Когда подхожу ближе, чтобы встать рядом с Алексом, вдыхаю остатки его выветрившегося одеколона, скрытый аромат обжигает мои вены. Жар его тела опаляет мою кожу. Затем вижу, как моя рука скользит по его предплечью, накрывая его ладонь своей.
Его тяжелые вдохи разрывают воздух, и я ощущаю каждый, как будто он дышит через меня, в меня. Мы остаемся в подвешенном состоянии — нож приставлен к шее девушки; капелька крови окрашивает кончик — наши руки сцеплены вместе, пока он не произносит единственное слово.
— Вместе.
Я прижимаюсь щекой к его руке, чувствуя напряжение его мышц.
— Вместе.
Не знаю, кто из нас инициирует убийство, но мы двигаемся в тандеме, прикосновение лезвия к ее коже эхом отдается в нас. Прилагая больше усилий, мы проталкиваем лезвие глубже, пока не чувствуем, как сталь касается кости. Как только мы проходим артерию, булькающий звук заглушает ее стоны.
Я переплетаю свои пальцы с его, когда поток красного покрывает наши руки.
Не отвожу взгляда — смотрю в ее опустошенные глаза, веки трепещут, пока она борется за то, чтобы оставаться в сознании. Я удивляюсь внутреннему оцепенению. Затем внезапно эта тусклая, туманная серость рассеивается, и раскрывается расцвет красок. Таких ярких.
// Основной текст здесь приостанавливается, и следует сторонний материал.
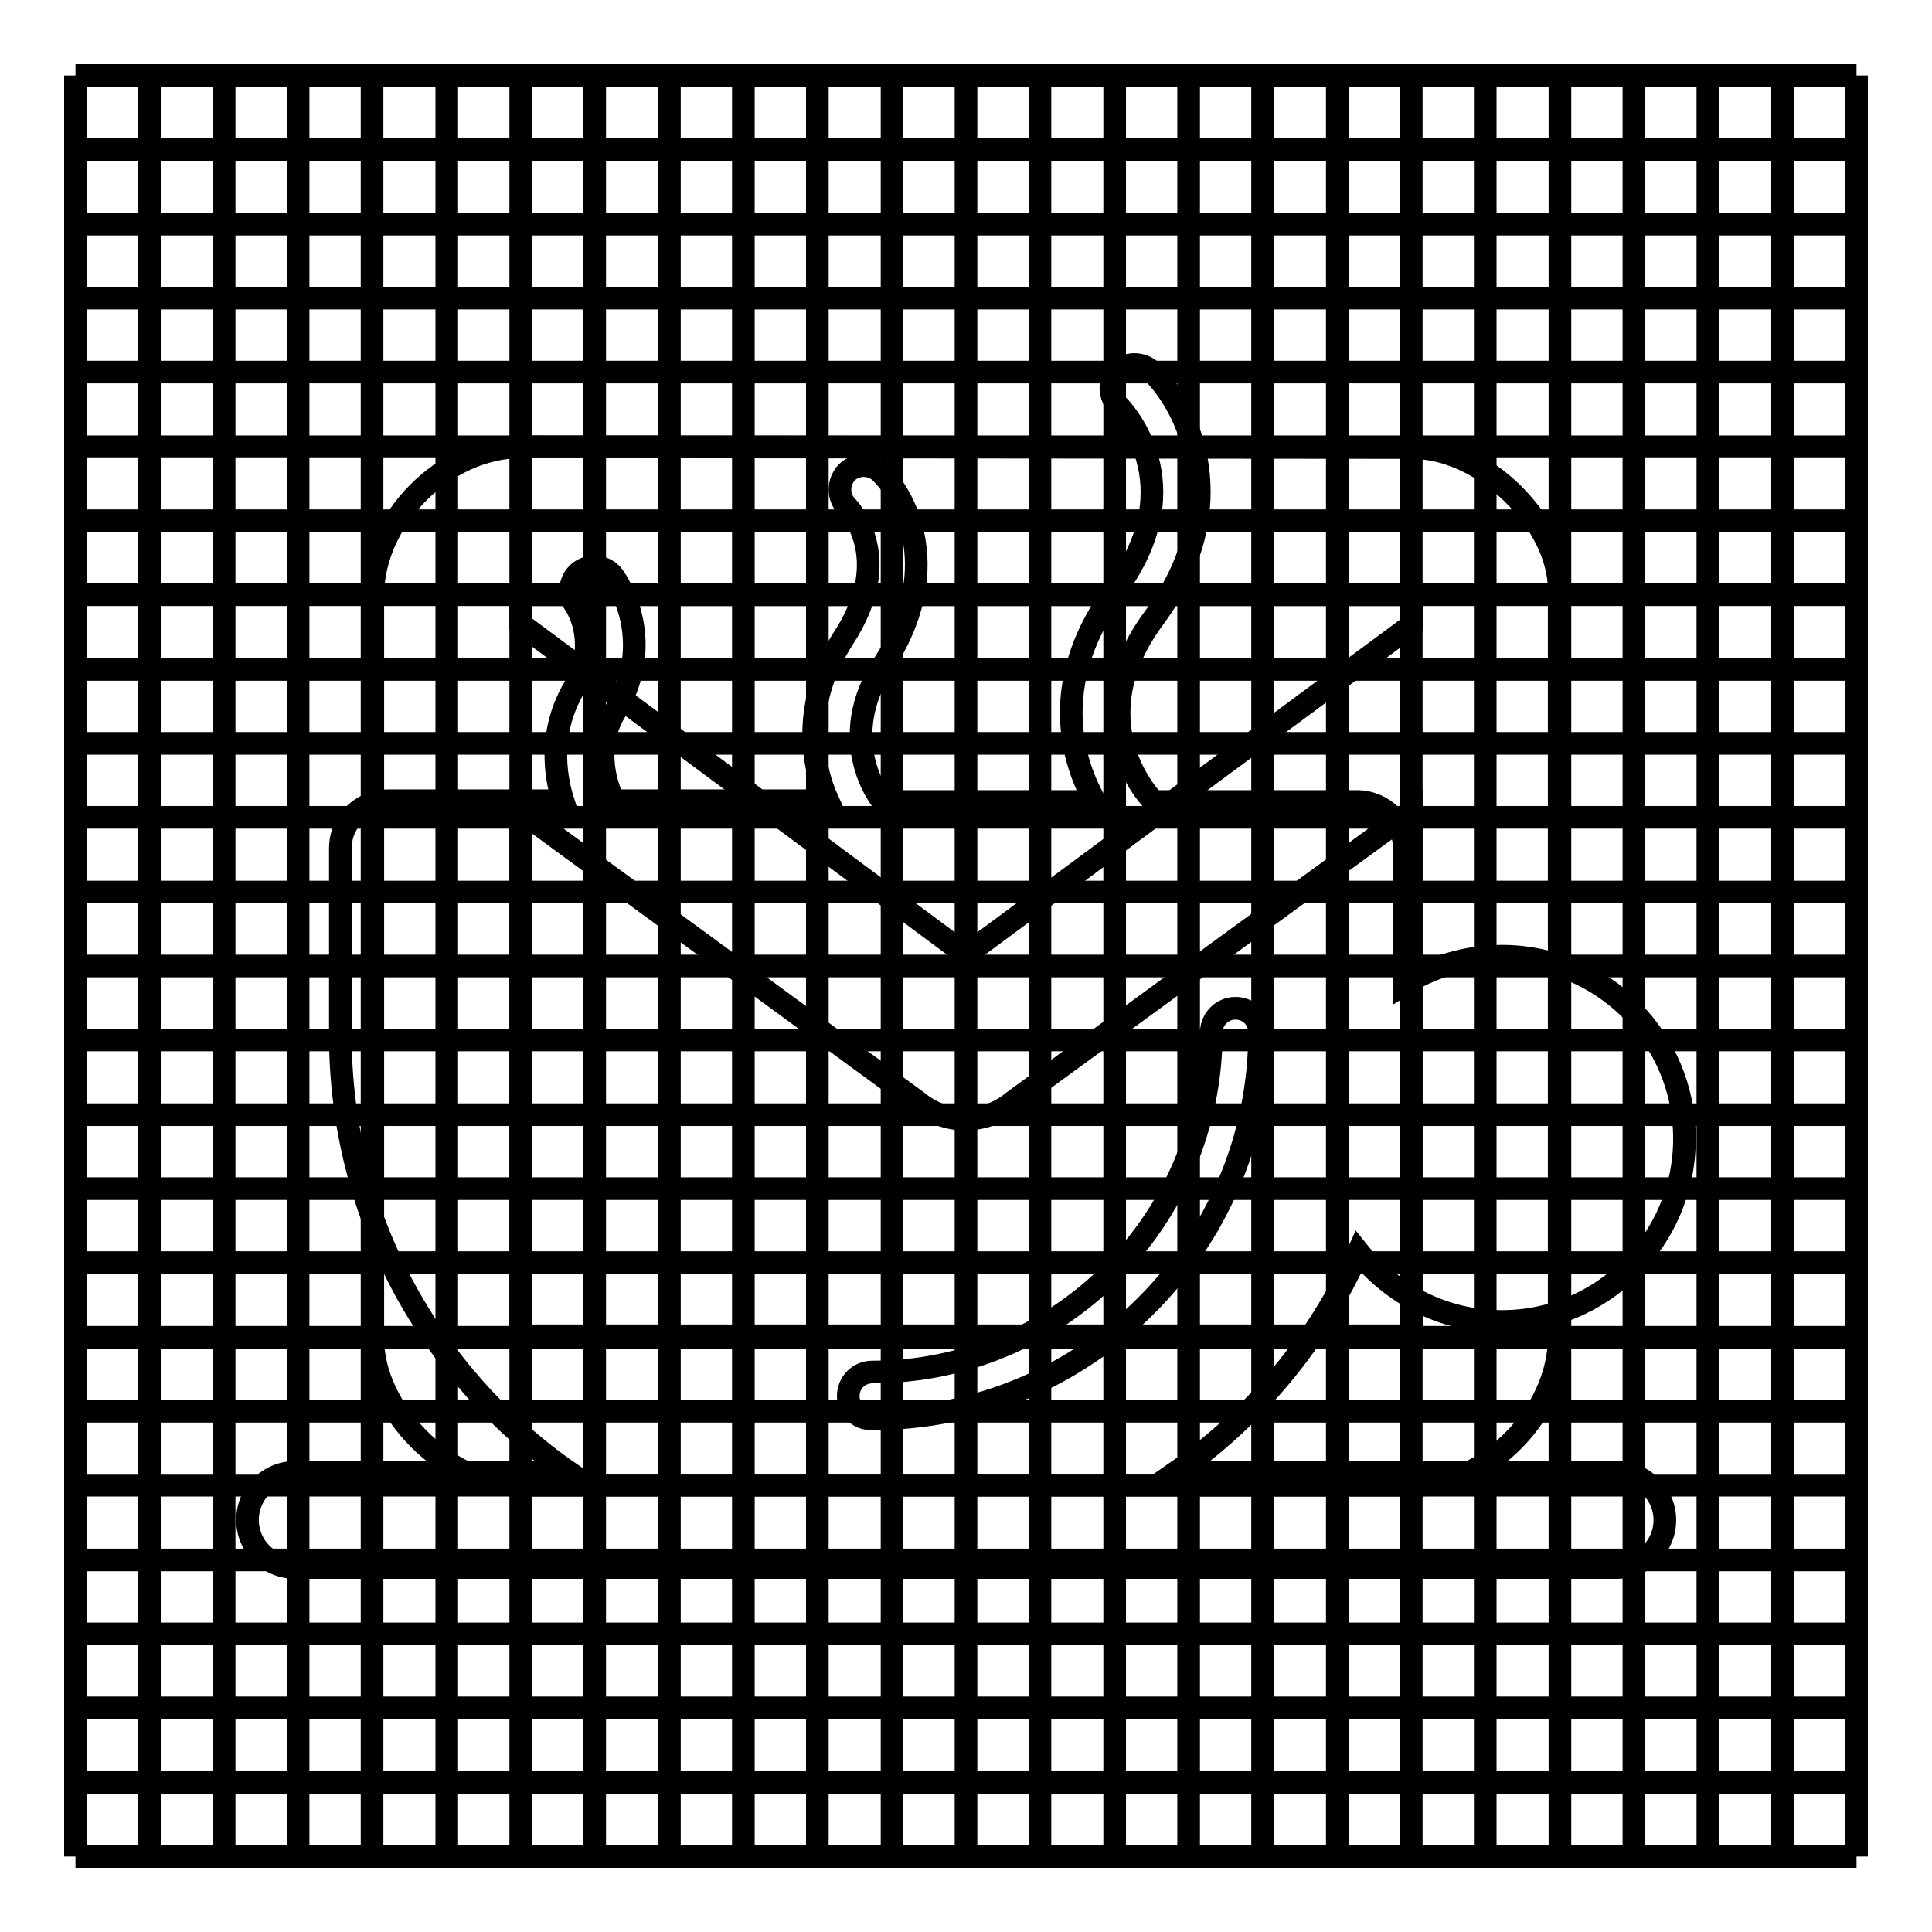 <?xml version="1.0" encoding="utf-8"?>
<!-- Svg Vector Icons : http://www.onlinewebfonts.com/icon -->
<!DOCTYPE svg PUBLIC "-//W3C//DTD SVG 1.1//EN" "http://www.w3.org/Graphics/SVG/1.1/DTD/svg11.dtd">
<svg version="1.1" xmlns="http://www.w3.org/2000/svg" xmlns:xlink="http://www.w3.org/1999/xlink" x="0px" y="0px" viewBox="0 0 256 256" enable-background="new 0 0 256 256" xml:space="preserve">
<g><g><path stroke-width="3" fill-opacity="0" stroke="#000000"  d="M10,236.2h236H10z"/><path stroke-width="3" fill-opacity="0" stroke="#000000"  d="M10,246h236H10z"/><path stroke-width="3" fill-opacity="0" stroke="#000000"  d="M10,226.3h236H10z"/><path stroke-width="3" fill-opacity="0" stroke="#000000"  d="M10,216.5h236H10z"/><path stroke-width="3" fill-opacity="0" stroke="#000000"  d="M10,206.7h236H10z"/><path stroke-width="3" fill-opacity="0" stroke="#000000"  d="M10,196.8h236H10z"/><path stroke-width="3" fill-opacity="0" stroke="#000000"  d="M10,187h236H10z"/><path stroke-width="3" fill-opacity="0" stroke="#000000"  d="M10,177.2h236H10z"/><path stroke-width="3" fill-opacity="0" stroke="#000000"  d="M10,167.3h236H10z"/><path stroke-width="3" fill-opacity="0" stroke="#000000"  d="M10,157.5h236H10z"/><path stroke-width="3" fill-opacity="0" stroke="#000000"  d="M10,147.7h236H10z"/><path stroke-width="3" fill-opacity="0" stroke="#000000"  d="M10,137.8h236H10z"/><path stroke-width="3" fill-opacity="0" stroke="#000000"  d="M10,128h236H10z"/><path stroke-width="3" fill-opacity="0" stroke="#000000"  d="M10,118.2h236H10z"/><path stroke-width="3" fill-opacity="0" stroke="#000000"  d="M10,108.3h236H10z"/><path stroke-width="3" fill-opacity="0" stroke="#000000"  d="M10,98.5h236H10z"/><path stroke-width="3" fill-opacity="0" stroke="#000000"  d="M10,88.7h236H10z"/><path stroke-width="3" fill-opacity="0" stroke="#000000"  d="M10,78.8h236H10z"/><path stroke-width="3" fill-opacity="0" stroke="#000000"  d="M10,69h236H10z"/><path stroke-width="3" fill-opacity="0" stroke="#000000"  d="M10,59.2h236H10z"/><path stroke-width="3" fill-opacity="0" stroke="#000000"  d="M10,49.3h236H10z"/><path stroke-width="3" fill-opacity="0" stroke="#000000"  d="M10,39.5h236H10z"/><path stroke-width="3" fill-opacity="0" stroke="#000000"  d="M10,29.7h236H10z"/><path stroke-width="3" fill-opacity="0" stroke="#000000"  d="M10,19.8h236H10z"/><path stroke-width="3" fill-opacity="0" stroke="#000000"  d="M10,10h236H10z"/><path stroke-width="3" fill-opacity="0" stroke="#000000"  d="M236.2,10v236V10z"/><path stroke-width="3" fill-opacity="0" stroke="#000000"  d="M246,10v236V10z"/><path stroke-width="3" fill-opacity="0" stroke="#000000"  d="M226.3,10v236V10z"/><path stroke-width="3" fill-opacity="0" stroke="#000000"  d="M216.5,10v236V10z"/><path stroke-width="3" fill-opacity="0" stroke="#000000"  d="M206.7,10v236V10z"/><path stroke-width="3" fill-opacity="0" stroke="#000000"  d="M196.8,10v236V10z"/><path stroke-width="3" fill-opacity="0" stroke="#000000"  d="M187,10v236V10z"/><path stroke-width="3" fill-opacity="0" stroke="#000000"  d="M177.2,10v236V10z"/><path stroke-width="3" fill-opacity="0" stroke="#000000"  d="M167.3,10v236V10z"/><path stroke-width="3" fill-opacity="0" stroke="#000000"  d="M157.5,10v236V10z"/><path stroke-width="3" fill-opacity="0" stroke="#000000"  d="M147.7,10v236V10z"/><path stroke-width="3" fill-opacity="0" stroke="#000000"  d="M137.8,10v236V10z"/><path stroke-width="3" fill-opacity="0" stroke="#000000"  d="M128,10v236V10z"/><path stroke-width="3" fill-opacity="0" stroke="#000000"  d="M118.2,10v236V10z"/><path stroke-width="3" fill-opacity="0" stroke="#000000"  d="M108.3,10v236V10z"/><path stroke-width="3" fill-opacity="0" stroke="#000000"  d="M98.5,10v236V10z"/><path stroke-width="3" fill-opacity="0" stroke="#000000"  d="M88.7,10v236V10z"/><path stroke-width="3" fill-opacity="0" stroke="#000000"  d="M78.8,10v236V10z"/><path stroke-width="3" fill-opacity="0" stroke="#000000"  d="M69,10v236V10z"/><path stroke-width="3" fill-opacity="0" stroke="#000000"  d="M59.2,10v236V10z"/><path stroke-width="3" fill-opacity="0" stroke="#000000"  d="M49.3,10v236V10z"/><path stroke-width="3" fill-opacity="0" stroke="#000000"  d="M39.5,10v236V10z"/><path stroke-width="3" fill-opacity="0" stroke="#000000"  d="M29.7,10v236V10z"/><path stroke-width="3" fill-opacity="0" stroke="#000000"  d="M19.8,10v236V10z"/><path stroke-width="3" fill-opacity="0" stroke="#000000"  d="M10,10v236V10z"/><path stroke-width="3" fill-opacity="0" stroke="#000000"  d="M69.2,59.2c-10.4,0-19.8,9.7-19.8,19.7v98.5c0,9.4,9.7,19.4,19.4,19.4h119c9,0,18.8-9.4,18.8-19.6V78.1c0-8.6-9.7-18.8-19.6-18.8L69.2,59.2L69.2,59.2z M187.1,78.9v3.9L128,126.5L69,82.7v-3.9H187.1z M69,177v-69.5l52.6,38.5c1.8,1.5,4.1,2.3,6.3,2.3c2.2,0,4.5-0.8,6.3-2.3l52.8-38.5V177H69z"/><path stroke-width="3" fill-opacity="0" stroke="#000000"  d="M214.3,195.1h-58.5c10.5-7.3,18.9-17.4,24.2-29.2c4.5,5.6,11.3,9.2,19,9.2c13.4,0,24.2-10.9,24.2-24.2c0-13.4-10.9-24.2-24.2-24.2c-4.7,0-9.2,1.4-12.9,3.7v-17.9c0-3.5-2.8-6.3-6.3-6.3h-26.9c-0.1-0.1-0.2-0.2-0.3-0.3c-0.4-0.4-9.7-10.5,0.3-24c10.9-14.8,4.6-27.9-0.3-32.7c-1.3-1.2-3.3-1.2-4.5,0c-1.2,1.2-1.2,3.2,0,4.5c0.4,0.4,10.2,10.3-0.3,24.5c-8.4,11.3-6.3,21.7-2.7,28h-28.1c0,0,0-0.1-0.1-0.1c-0.3-0.3-6.3-8.1,0.2-18.1c7.9-12.1,3.2-21.9-0.4-25.4c-1.2-1.2-3.3-1.2-4.5,0c-1.2,1.3-1.2,3.3,0,4.5c0.1,0.1,6.6,6.6-0.4,17.4c-5.5,8.5-4.4,16.5-2.1,21.6H81.3c-0.6-1.3-2.9-6.6,0.2-11.8c5.7-9.6,0.1-17.5-0.2-17.9c-1-1.4-3-1.7-4.4-0.7c-1.4,1-1.7,3-0.7,4.4c0,0,3.4,4.9-0.1,11c-3.4,5.8-2.6,11.5-1.5,15H51.4c-3.5,0-6.3,2.8-6.3,6.3v24.8c0,24,12,45.2,30.3,57.9H39.1c-3.5,0-6.3,2.8-6.3,6.3s2.8,6.3,6.3,6.3h175.2c3.5,0,6.3-2.8,6.3-6.3C220.6,198,217.8,195.1,214.3,195.1L214.3,195.1z M112.4,185c0-1.8,1.4-3.2,3.2-3.2c24.8,0,44.9-20.2,44.9-45c0-1.7,1.4-3.2,3.2-3.2c1.8,0,3.2,1.4,3.2,3.2c0,28.3-23,51.2-51.3,51.2C113.8,188.1,112.4,186.7,112.4,185L112.4,185z"/></g></g>
</svg>

Алекс убирает нож, когда голова девушки наклоняется вперед, но он не отпускает мою руку. Берет меня за другую, смешивая горячую кровь с теплом тела. Я могу лишь смотреть на наши покрытые кровью сплетенные пальцы.
Точно так же я смотрела на свои окровавленные ладони после того, как ударила ножом человека.
Только тогда я была одна.
Сейчас нет.
Раньше я отказывалась признавать правду, но теперь это невозможно отрицать, не сейчас, когда Алекс изучает мои глаза, зная, какие импульсы запускаются в моем мозгу. Он может читать меня, мои эмоции для него — простое уравнение.
Крепче сжимая пальцы, он притягивает меня ближе. Ничего не говорит; ему и не нужно. Опьяняющее сочетание крови и его пьянящего запаха — афродизиак, притягивающий меня еще ближе, наши тела соприкасаются.
Страсть. Удовлетворение. Свобода.
Мы переживаем все это в потаенных уголках сознания. Отчаянными ласками и жадными поцелуями выражаем то, что слишком сложно высказать вслух, принимая, отдавая и любя до тех пор, пока не израсходуем каждую молекулу, несущую энергию между нами.
Когда эмоции начинают ослабевать, освобождая нас, мы делаем то, что необходимо, дабы оставаться свободными — держимся вместе.